|
IMMIGRANTS
& EMPLOYMENT |
CALIFORNIA AND CONNECTICUT
APPROVE LAWS BENEFITING IMMIGRANT WORKERS
Immigrants' Rights Update, Vol. 15, No. 6, Oct. 8, 2001
In a victory for limited English-proficient (LEP) workers in California and Connecticut, two bills have recently been signed into law that should advance the employment rights of workers in these states as well as serve as model legislation for other states across the country.
On July 6, 2001, Governor John G. Rowland of Connecticut signed into law House Bill No. 6657, designed to provide information to LEP workers about their rights under Connecticut wage and hour and unemployment laws. "An Act Prohibiting Employment Exploitation of Immigrant Labor," enacted as Public Act No. 01-147, repeals Section 31-4 of the Connecticut General Statutes, which provided that the state labor commissioner could appoint special agents on a case-by-case basis to inform non-English-speaking workers, in those workers' own languages, of their rights. The new law strengthens that provision by specifically requiring the labor commissioner to produce and distribute printed materials describing the rights of immigrant and LEP workers in order to help such workers protect themselves from unfair exploitation by employers who, for example, might withhold wages owed the workers or commit other similar violations. Public Act No. 01-147 states that the labor commissioner's educational materials must be printed in Spanish, French, and any other language determined to be spoken by a primary group of immigrant workers in Connecticut. The funds for these materials will come from a civil penalty of $300 per violation levied against employers who violate this law. Connecticut's new law went into effect on Oct. 1, 2001.
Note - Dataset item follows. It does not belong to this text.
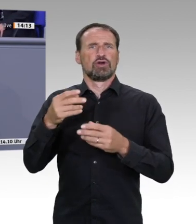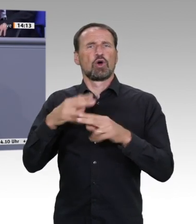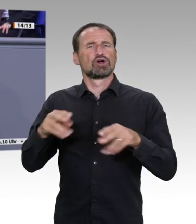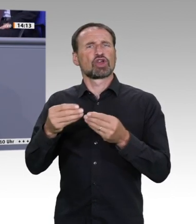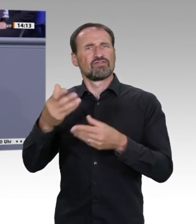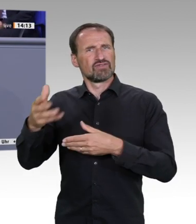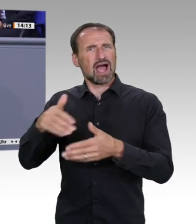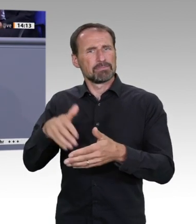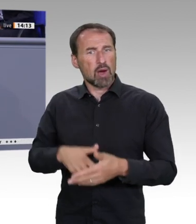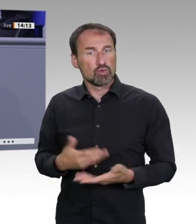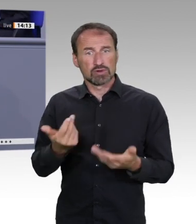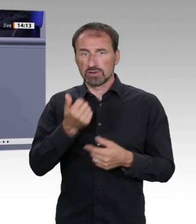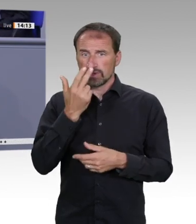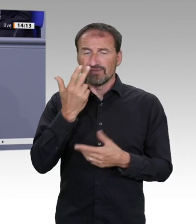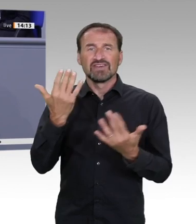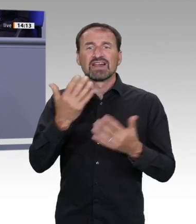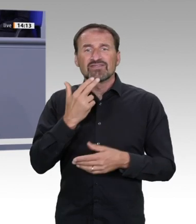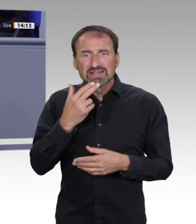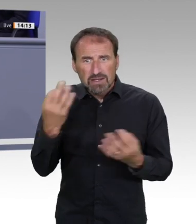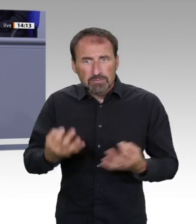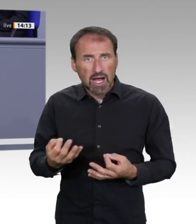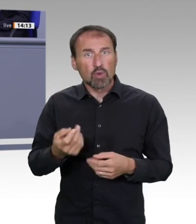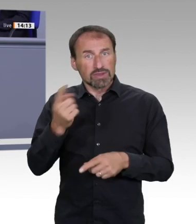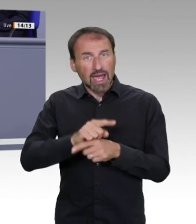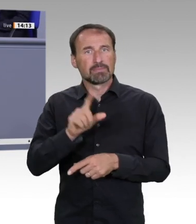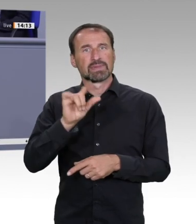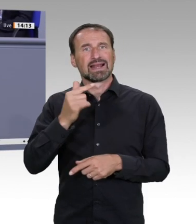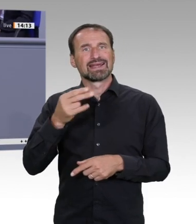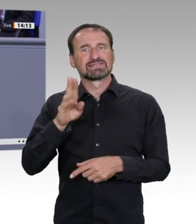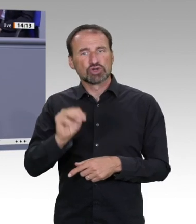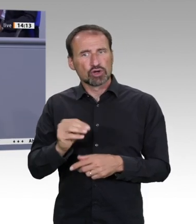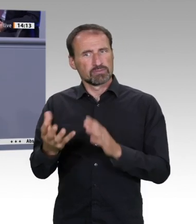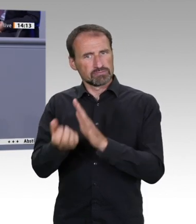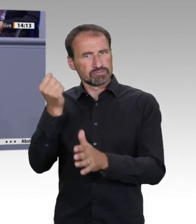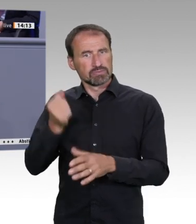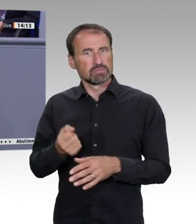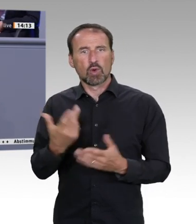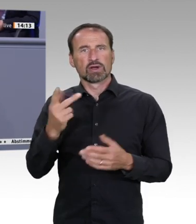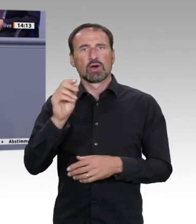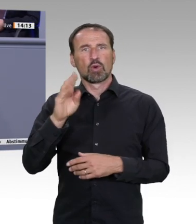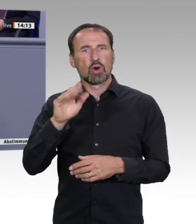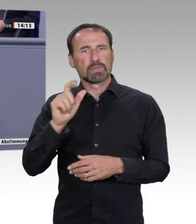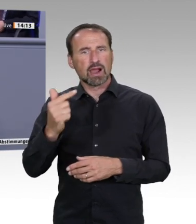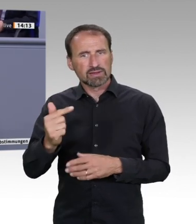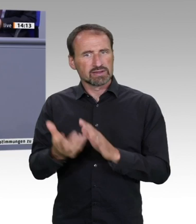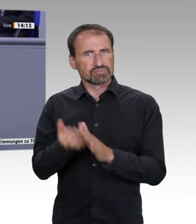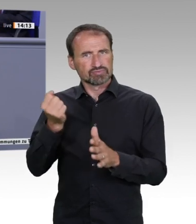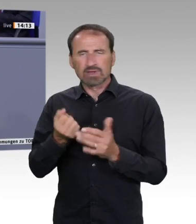es auch unsere Technologien, europäische Technologien. Es braucht aber vor allem eines, Technologieoffenheit.
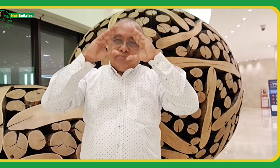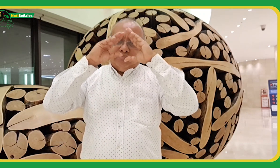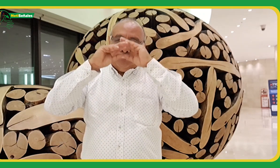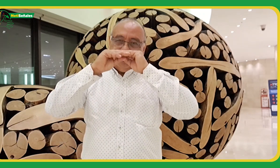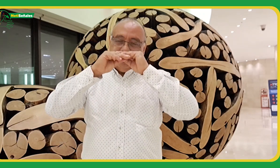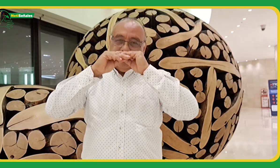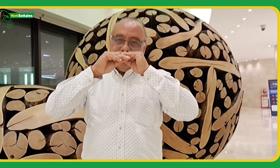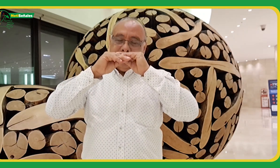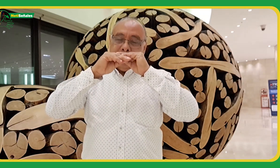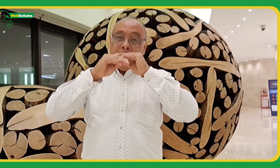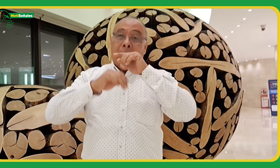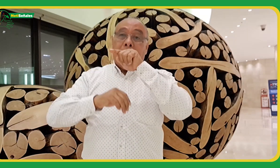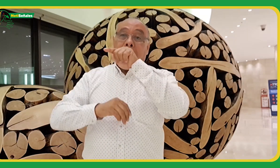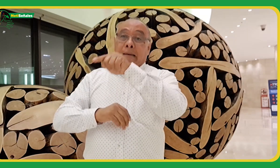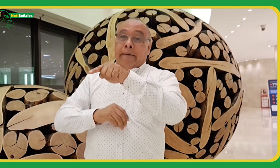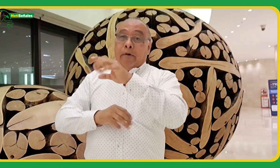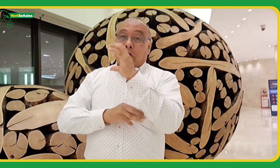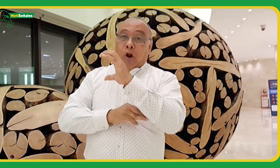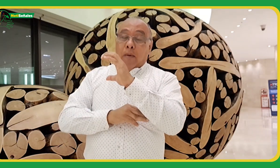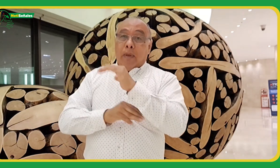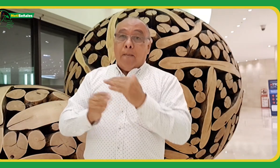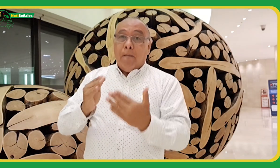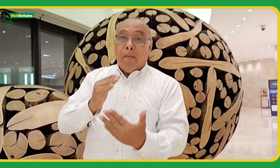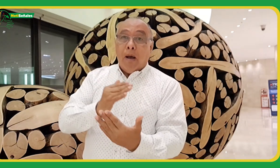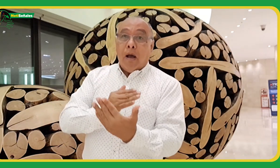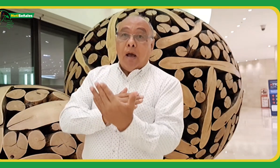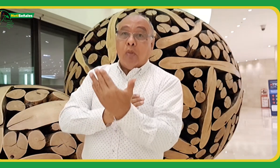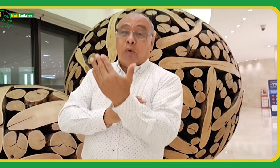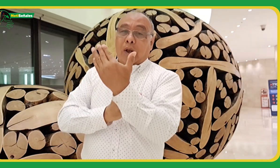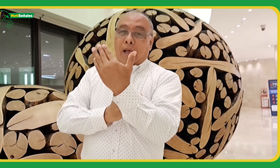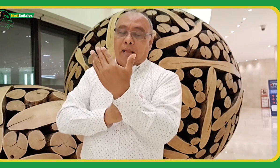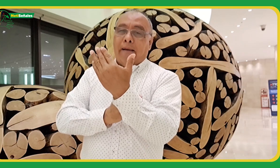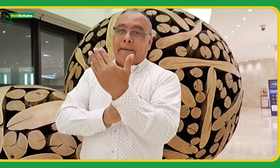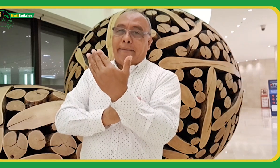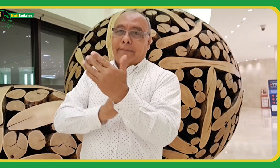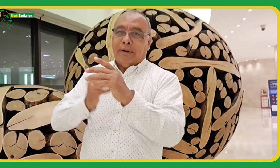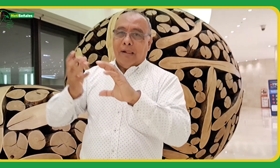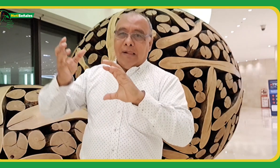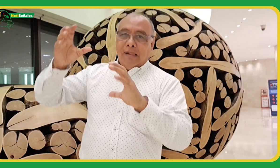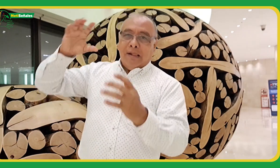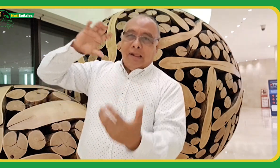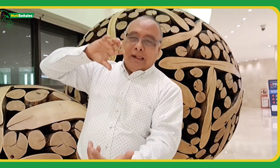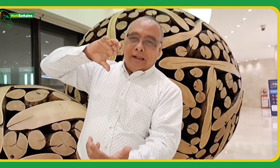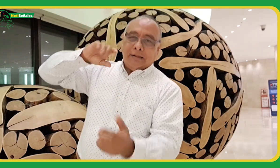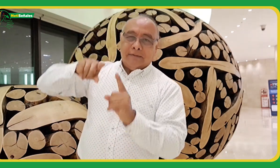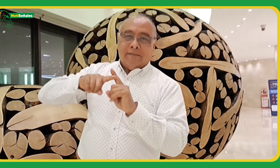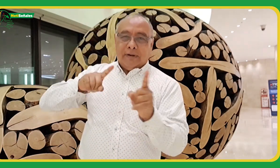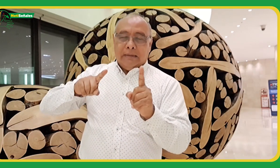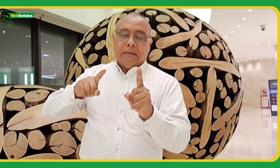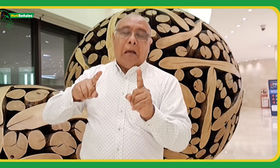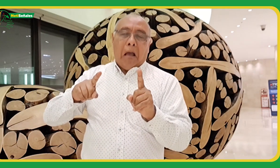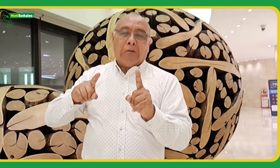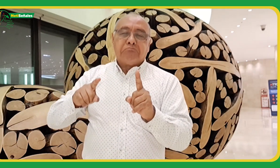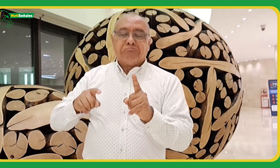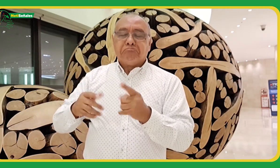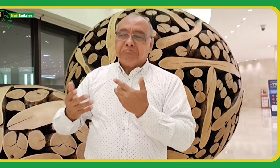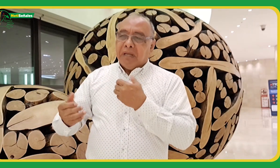en Colombia están en las horas de la madrugada. Sin importar esta diferencia horaria, les haré la

The California bill, which Governor Gray Davis signed into law on Sept. 12, 2001, provides LEP workers with limited protection against "English-only" rules-i.e., rules that require workers to speak only English while on the job or in the workplace. Assembly Bill No. 800 amends Section 12951 of the California Government Code, relating to employment discrimination, by providing that it is an unlawful employment practice for employers to institute an English-only rule unless (1) it is justified by a business necessity and (2) the employer notifies its workers of when and under which circumstances the English-only rule applies and what the consequences for violating the rule are. "Business necessity" is defined as "an overriding legitimate business purpose" that is necessary for the safe and efficient operation of the business. Such a necessity exists only when there is no lesser discriminatory alternative to the English-only restriction that would accomplish the same business purpose. The new law also sets forth a statement of legislative intent that this new law incorporates the California Constitution's protections against discrimination based on national or ethnic origin, while also acknowledging that, under California's constitution, English is the state's official language.